Rosa, Signora, Roses?

Please

One rosa; only two Euro!

don't try to sell me anything.

I am irrationally and suddenly angry.

I stand up.

I stand unecessarily close to him.

He's wearing a long, brown djebellah which smells strongly of sweat. I don't know whether it's brown from dirt and age, or whether this is it's natural colour.

I look directly into his eyes, which are very close to mine. There isn't any Piazza Navona any more. Just this man and me.

I say, quietly and as firmly as possible,

Go Away.

Signora?

Louder

Go. Away.

I'm not quite sure what I'm prepared to do at this point. Luckily, nor is he.

After a long moment:

Ok, Signora,

he says. I go away.

...

Round the corner, at Caffe della Pace, I drink prosecco. The waitress brings me unasked-for olives, peanuts and elaborately lumpy spicy-flavoured lumps.
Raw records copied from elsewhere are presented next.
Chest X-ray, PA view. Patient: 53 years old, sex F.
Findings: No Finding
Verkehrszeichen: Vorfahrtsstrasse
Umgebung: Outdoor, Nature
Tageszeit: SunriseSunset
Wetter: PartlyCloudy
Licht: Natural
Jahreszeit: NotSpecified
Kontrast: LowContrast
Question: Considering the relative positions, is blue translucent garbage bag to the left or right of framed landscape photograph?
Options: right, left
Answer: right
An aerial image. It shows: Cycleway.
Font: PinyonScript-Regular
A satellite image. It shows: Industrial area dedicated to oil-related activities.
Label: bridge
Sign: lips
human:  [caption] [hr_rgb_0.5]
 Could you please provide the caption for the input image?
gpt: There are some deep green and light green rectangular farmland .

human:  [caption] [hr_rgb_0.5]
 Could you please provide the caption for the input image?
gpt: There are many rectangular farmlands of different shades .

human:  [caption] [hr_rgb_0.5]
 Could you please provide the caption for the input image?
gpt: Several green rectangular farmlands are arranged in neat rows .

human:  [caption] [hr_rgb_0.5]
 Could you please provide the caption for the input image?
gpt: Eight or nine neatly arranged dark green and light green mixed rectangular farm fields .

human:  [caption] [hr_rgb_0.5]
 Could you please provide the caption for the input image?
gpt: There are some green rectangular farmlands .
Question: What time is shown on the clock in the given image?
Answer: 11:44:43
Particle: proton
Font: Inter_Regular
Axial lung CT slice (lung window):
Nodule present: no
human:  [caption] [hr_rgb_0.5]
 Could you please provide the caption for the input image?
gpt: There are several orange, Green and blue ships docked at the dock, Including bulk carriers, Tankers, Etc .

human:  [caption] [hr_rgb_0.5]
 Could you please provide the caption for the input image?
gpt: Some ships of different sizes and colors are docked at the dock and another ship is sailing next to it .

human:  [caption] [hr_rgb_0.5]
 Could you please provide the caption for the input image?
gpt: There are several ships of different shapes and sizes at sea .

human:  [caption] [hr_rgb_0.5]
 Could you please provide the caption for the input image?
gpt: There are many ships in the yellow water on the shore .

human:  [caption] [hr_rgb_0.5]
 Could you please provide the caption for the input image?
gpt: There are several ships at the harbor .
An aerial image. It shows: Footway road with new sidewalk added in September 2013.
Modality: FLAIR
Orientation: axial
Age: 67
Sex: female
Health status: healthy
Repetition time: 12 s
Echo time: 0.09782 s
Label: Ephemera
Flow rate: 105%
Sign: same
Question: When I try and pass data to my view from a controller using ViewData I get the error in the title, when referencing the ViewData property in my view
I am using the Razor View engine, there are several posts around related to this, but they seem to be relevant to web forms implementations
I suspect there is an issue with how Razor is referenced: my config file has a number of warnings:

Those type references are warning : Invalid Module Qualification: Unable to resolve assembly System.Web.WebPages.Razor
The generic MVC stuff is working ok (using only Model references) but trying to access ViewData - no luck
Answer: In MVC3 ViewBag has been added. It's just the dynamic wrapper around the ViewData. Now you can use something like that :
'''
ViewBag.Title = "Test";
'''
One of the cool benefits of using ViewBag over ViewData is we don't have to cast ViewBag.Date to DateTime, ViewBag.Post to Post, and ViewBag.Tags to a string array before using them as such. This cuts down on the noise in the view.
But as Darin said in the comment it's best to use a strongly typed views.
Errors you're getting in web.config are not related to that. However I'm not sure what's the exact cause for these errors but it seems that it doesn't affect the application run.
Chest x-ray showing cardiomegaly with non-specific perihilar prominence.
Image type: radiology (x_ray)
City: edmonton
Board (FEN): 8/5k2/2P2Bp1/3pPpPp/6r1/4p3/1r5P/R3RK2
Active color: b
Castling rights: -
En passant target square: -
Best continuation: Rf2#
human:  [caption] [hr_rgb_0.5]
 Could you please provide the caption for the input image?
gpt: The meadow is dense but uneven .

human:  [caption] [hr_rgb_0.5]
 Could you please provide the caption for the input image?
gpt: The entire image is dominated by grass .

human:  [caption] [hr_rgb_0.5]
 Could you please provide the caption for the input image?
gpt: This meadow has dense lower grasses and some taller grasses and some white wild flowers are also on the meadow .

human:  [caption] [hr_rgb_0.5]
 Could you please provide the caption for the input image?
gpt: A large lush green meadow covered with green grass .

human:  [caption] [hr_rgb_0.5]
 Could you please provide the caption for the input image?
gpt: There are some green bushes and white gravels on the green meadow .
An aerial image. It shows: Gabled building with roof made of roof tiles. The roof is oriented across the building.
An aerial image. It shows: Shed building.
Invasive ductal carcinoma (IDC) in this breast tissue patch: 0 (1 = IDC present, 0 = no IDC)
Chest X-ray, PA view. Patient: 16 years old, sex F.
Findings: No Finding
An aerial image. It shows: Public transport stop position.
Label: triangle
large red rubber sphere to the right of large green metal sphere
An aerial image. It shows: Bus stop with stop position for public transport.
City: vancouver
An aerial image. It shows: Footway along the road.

I begin to feel bad about the man in Navona; about the bartenders, the shopkeepers; the market stallholders. After all, it works the other way too: grocers put extra oranges in my bag after I've paid; waiters forget to charge me for dessert; this morning, a flowerseller ran up to gave me a perfect canna lily, the stalk broken too short to use in his display.

I think all transactions in Italy are just less fixed; more open to negotiation which offends my firmly entrenched, Anglo-Saxon sense of fixed value. Italians are also more willing to enter casually into negotiation, and expect you to haggle even if you don't want what they're offering.

I finish my prosecco. Although this is one of the most fashionable cafes in the area, the bill is much small. Wine is cheap: milk is expensive. But I can't get the waitress's attention. I leave the money on the table, along with a generous tip to make up for what? For not asking for the bill? For the peanuts? For the flower-seller? I wonder whether the staff will think I've skipped without paying. I do not want another encounter of any kind.

I'm half-way down the street when the waitress catches up with me.

She touches my arm.

4 euros, please.

I look at her. She looks anxious. She is younger than me. She doesn't want to be asking this question.

It's ok - I left it on the table.

She believes me. It's funny. I laugh; she laughs. I have paid correctly the correct sum which has been correctly demanded of me. We are both relieved.